Subsequently, Pymetrics uses that data to judge potential hires who play the same games, looking for people who have the same traits and characteristics of the successful people already working at your company.

    

While the emergence of all these new AI-powered hiring solutions promises to save wall and ceiling contractors significant amounts of time and money, the tools do come with a caveat.

    

Specifically: Some advocates of equal opportunity in employment argue that some of the algorithms powering some of these solutions could result in biased hiring.

    

Their reasoning: Algorithms are written by humans.

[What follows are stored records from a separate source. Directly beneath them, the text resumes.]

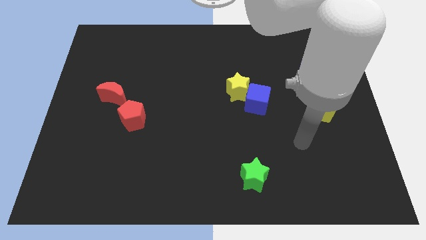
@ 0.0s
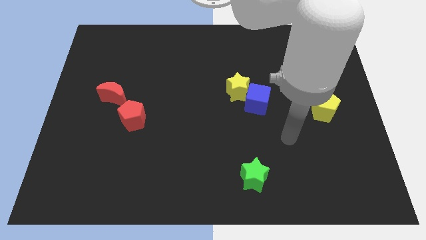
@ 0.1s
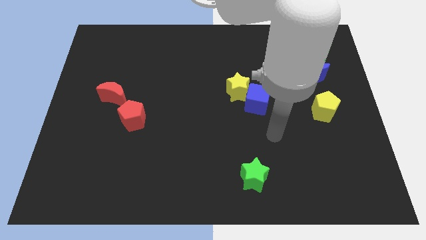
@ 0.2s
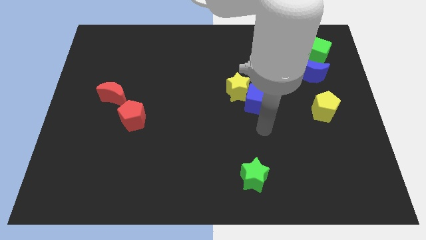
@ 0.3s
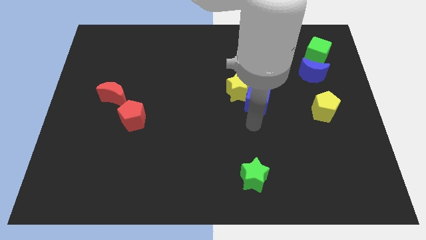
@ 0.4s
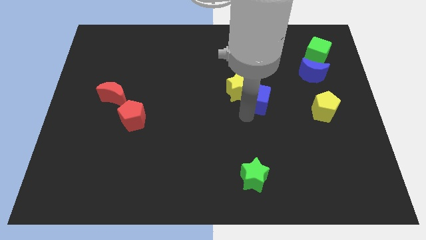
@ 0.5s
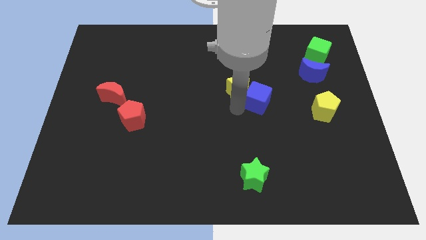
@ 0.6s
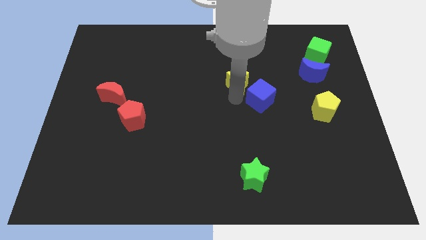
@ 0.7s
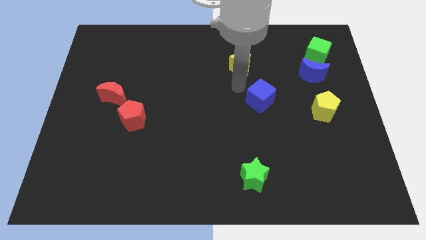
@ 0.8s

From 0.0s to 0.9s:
move the blue cube away from the yellow star

And sometimes human biases, which may exist consciously, subconsciously or unconsciously in the minds of computer programmers, have a way of creeping into the code that humans write.

    

Among the federal governmental agencies taking this risk of bias very seriously is the U.S. Equal Employment Opportunity Commission (www.eeoc.gov).

    

The takeway: You’ll want your in-house counsel to stay current on the EEOC’s moves when it comes to AI and hiring—and ensure that any AI or automation tools you use comply with U.S. federal employment laws.

    

Says Charlotte A. Burrows, chair of the EEOC: “Artificial intelligence and algorithmic decision-making tools have great potential to improve our lives—including in the area of employment.

    

“At the same time, the EEOC is keenly aware that these tools may mask and perpetuate bias or create new discriminatory barriers to jobs. We must work to ensure that these new technologies do not become a high-tech pathway to discrimination.”



Joe Dysart is an internet speaker and business consultant based in Manhattan.